> _Provided information_:
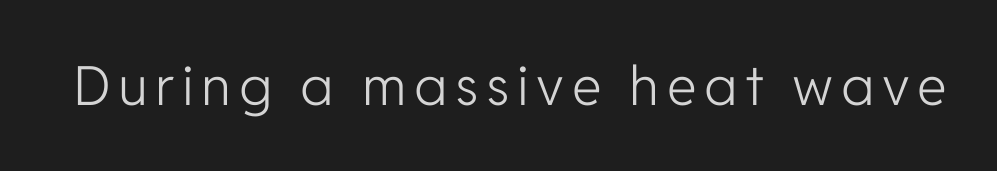
Q: Is the text bold? A: No.
Q: Is the text italic (slanted)? A: No, it is upright.
Q: Is the typeface a serif or a sans-serif typeface? A: Sans-serif.
Q: Is the text underlined? A: No.
Q: Width (condensed, normal, or wide)? A: Normal.
Q: Stroke contrast? A: Low.
Q: x-height? A: Medium.
Q: Monospaced? A: No.

> _Brief_: Could you copy each line above exactly as written, minus any pictures?

> _Expected answer_:
Q: Is the text bold? A: No.
Q: Is the text italic (slanted)? A: No, it is upright.
Q: Is the typeface a serif or a sans-serif typeface? A: Sans-serif.
Q: Is the text underlined? A: No.
Q: Width (condensed, normal, or wide)? A: Normal.
Q: Stroke contrast? A: Low.
Q: x-height? A: Medium.
Q: Monospaced? A: No.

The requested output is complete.